Probabilistic learning vector quantization on manifold of symmetric positive definite matrices

In this paper, we develop a new classification method for manifold-valued data in the framework of probabilistic learning vector quantization. In many classification scenarios, the data can be naturally represented by symmetric positive definite matrices, which are inherently points that live on a curved Riemannian manifold. Due to the non-Euclidean geometry of Riemannian manifolds, traditional Euclidean machine learning algorithms yield poor results on such data. In this paper, we generalize the probabilistic learning vector quantization algorithm for data points living on the manifold of symmetric positive definite matrices equipped with Riemannian natural metric (affine-invariant metric). By exploiting the induced Riemannian distance, we derive the probabilistic learning Riemannian space quantization algorithm, obtaining the learning rule through Riemannian gradient descent.
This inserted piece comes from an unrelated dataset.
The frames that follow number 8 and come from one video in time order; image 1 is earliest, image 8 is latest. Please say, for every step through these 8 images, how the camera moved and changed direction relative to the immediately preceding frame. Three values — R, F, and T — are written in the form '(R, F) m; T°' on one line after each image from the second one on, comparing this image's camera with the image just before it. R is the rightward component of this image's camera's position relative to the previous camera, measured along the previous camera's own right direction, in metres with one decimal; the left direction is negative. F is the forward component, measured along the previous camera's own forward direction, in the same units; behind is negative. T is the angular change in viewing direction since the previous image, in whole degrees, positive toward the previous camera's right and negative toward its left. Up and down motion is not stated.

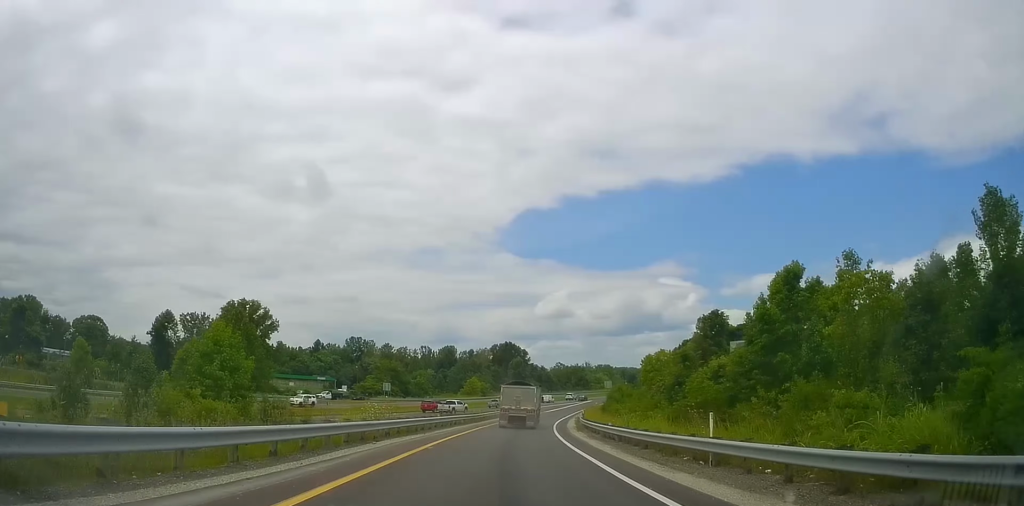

Empirical investigations on synthetic data, image data , and motor imagery electroencephalogram (EEG) data demonstrate the superior performance of the proposed method. (C) 2021 The Author(s). Published by Elsevier Ltd.

Automated summary

This paper develops a new classification method for manifold-valued data in the framework of probabilistic learning vector quantization. By generalizing the algorithm to symmetric positive definite matrices equipped with Riemannian natural metric, the proposed method demonstrates superior performance on synthetic data, image data, and motor imagery EEG data. Through utilizing Riemannian distance and gradient descent, the probabilistic learning Riemannian space quantization algorithm is derived.